End-to-End Speaker Diarization for an Unknown Number of Speakers with Encoder-Decoder Based Attractors
The paper presents an innovative approach to speaker diarization by addressing limitations in existing end-to-end systems regarding flexibility in the number of speakers. Traditional clustering-based speaker diarization systems have been surpassed by End-to-End Neural Speaker Diarization systems (EEND) in performance metrics; however, the rigid architecture of EEND systems limits them to a predetermined maximum number of speakers. This is a significant constraint in situations where actual speaker counts exceed this number.
Proposed Methodology
This paper introduces a method for encoder-decoder based attractor calculation (EDA) designed to break this limitation. EDA dynamically determines the number of speaker attractors from a speech embedding sequence, thereby enhancing speaker activity prediction capabilities. Attractors are computed using a LSTM-based encoder-decoder framework which allows for a theoretically infinite number of attractors. This is achieved without prior knowledge of the number of speakers, adjusting adaptively to the input data.

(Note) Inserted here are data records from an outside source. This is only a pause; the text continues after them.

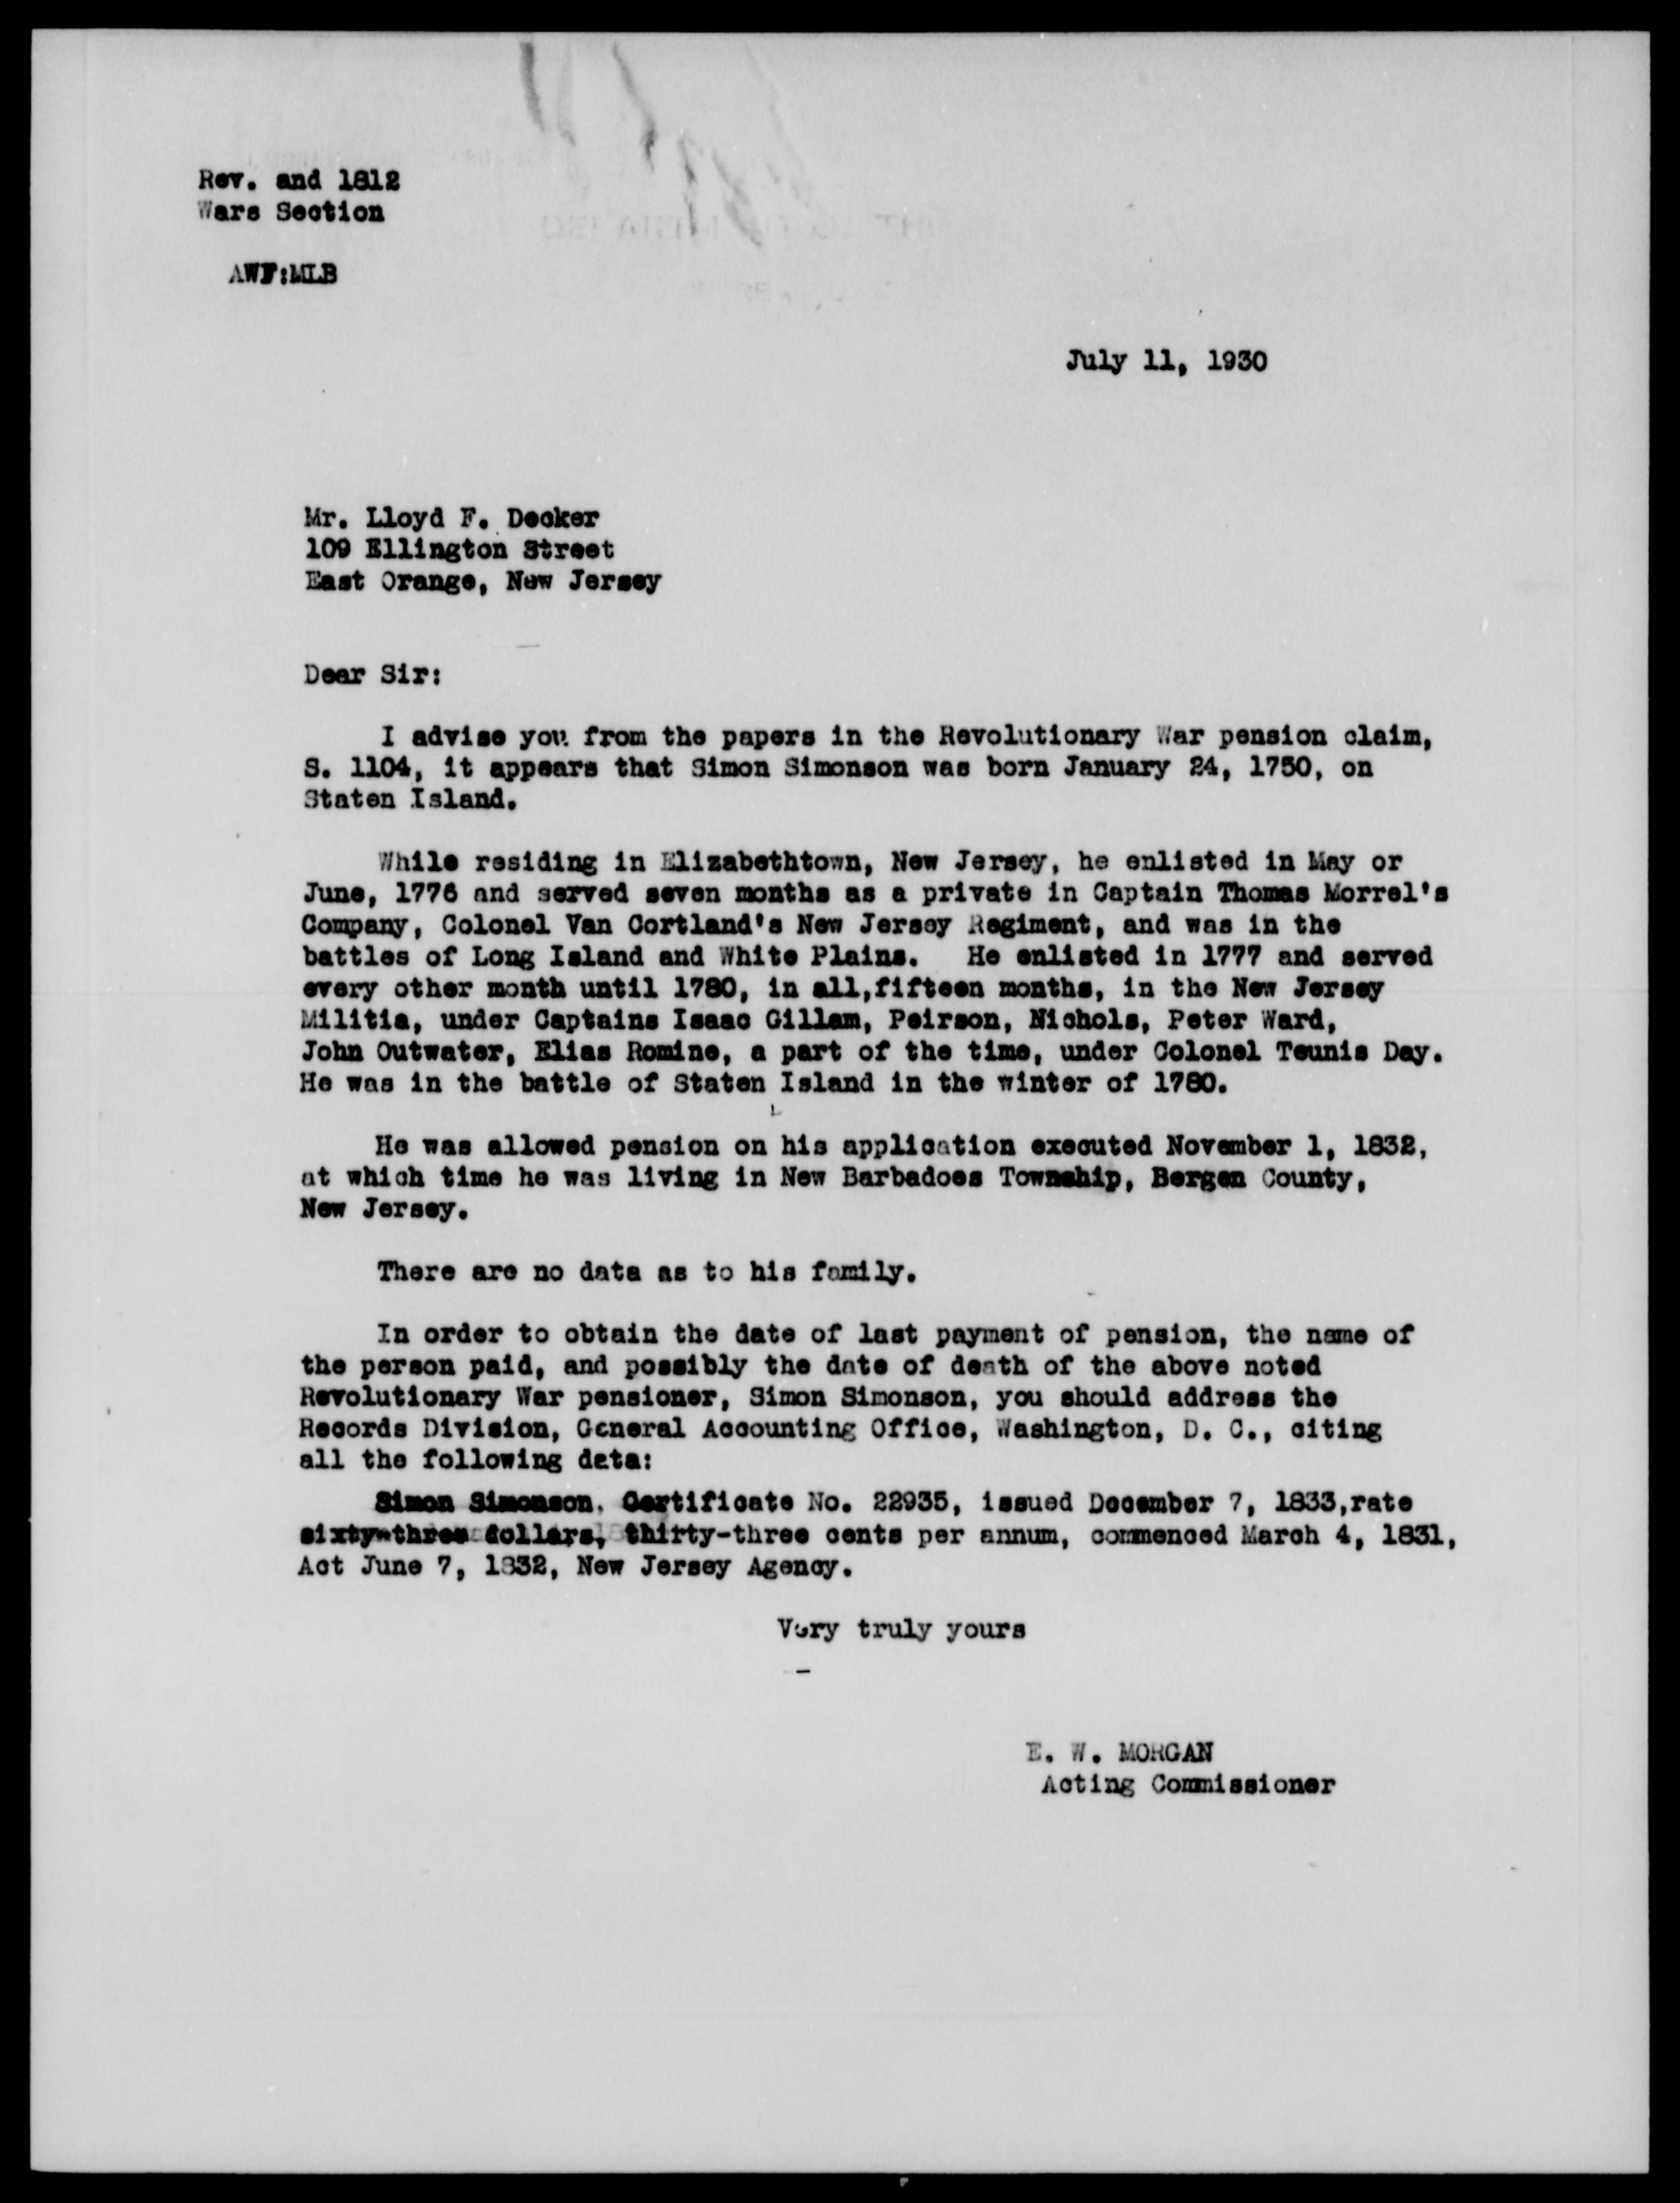Rev. and 1812
Wars Section

AWF:MLB

July 11, 1930

Mr. Lloyd F. Decker
109 Ellington Street
East Orange, New Jersey

Dear Sir:

I advise you from the papers in the Revolutionary War pension claim, S. 1104, it appears that Simon Simonson was born January 24, 1750, on Staten Island.

While residing in Elizabethtown, New Jersey, he enlisted in May or June, 1776 and served seven months as a private in Captain Thomas Morrel's
Company, Colonel Van Cortland's New Jersey Regiment, and was in the battles of Long Island and White Plains. He enlisted in 1777 and served every other month until 1780, in all fifteen months, in the New Jersey Militia, under Captains Isaac Gillam, Peirson, Nichols, Peter Ward, John Outwater, Elias Romine, a part of the time, under Colonel Teunis Day. He was in the battle of Staten Island in the winter of 1780.

He was allowed pension on his application executed November 1, 1832, at which time he was living in New Barbadoes Township, Bergen County, New Jersey.

There are no data as to his family.

In order to obtain the date of last payment of pension, the name of the person paid, and possibly the date of death of the above noted
Revolutionary War pensioner, Simon Simonson, you should address the Records Division, General Accounting Office, Washington, D. C., citing all the following data:

Simon Simonson, Certificate No. 22935, issued December 7, 1833, rate sixty-three dollars, thirty-three cents per annum, commenced March 4, 1831, Act June 7, 1832, New Jersey Agency.

Very truly yours
E. W. MORGAN
Acting Commissioner

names: [BLANK] Peirson; Peter Ward; Lloyd F Decker; Isaac Gillam; Elias Romine; Simon Simonson; John Outwater; Simon Simonson; [BLANK] Nichols; Teunis Day; Simon Simonson; E W Morgan
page: 11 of 30
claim: survivor's
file: S. 1104, for Simon Simonson, New Jersey

The process is handled through permutation invariant training (PIT), which optimizes the diarization model by calculating diarization results for each speaker from input features—irrespective of the speaker order in the input. This permutation-free aspect is essential for accurately assessing speaker overlap and flexible speaker counts.
Evaluation and Results
The effectiveness of this approach is demonstrated via rigorous testing on simulated mixtures and real recordings.
- Simulated Data: Under controlled two-speaker conditions, EDA achieved a diarization error rate (DER) of 2.69% versus 4.56% with traditional self-attentive EEND, illustrating a solid improvement. Similarly, on multiple speaker conditions, DER from unknown speaker numbers improved from 19.43% (x-vector clustering) to 15.29% (EDA-based approach).
- Real World Data: On datasets such as CALLHOME, real-world constraints did not diminish the robustness of EDA, maintaining superior performance levels compared to legacy clustering methods.
Implications and Future Directions
EDA offers significant advantages in speaker diarization, with implications for applications including automatic speech recognition (ASR) in multi-talker environments like meetings, telephone conversations, and media content analysis. By advancing flexibility in neural network architectures, this approach promises notable improvements in broader ASR systems' accuracy, especially where overlapping speakers complicate conventional models.
Looking forward, continued exploration into optimizing the EDA framework could enhance its scalability and efficiency, including potential fusion with spatial audio features and multisensory inputs. These avenues hold promise in refining speaker separation in increasingly complex auditory environments, moving towards fully adaptive and real-time processing capabilities without sacrificing computational efficiency.
In summary, this approach represents a meaningful contribution to speaker diarization methodologies, suggesting pathways toward overcoming current limitations and improving ASR performance in real-world scenarios.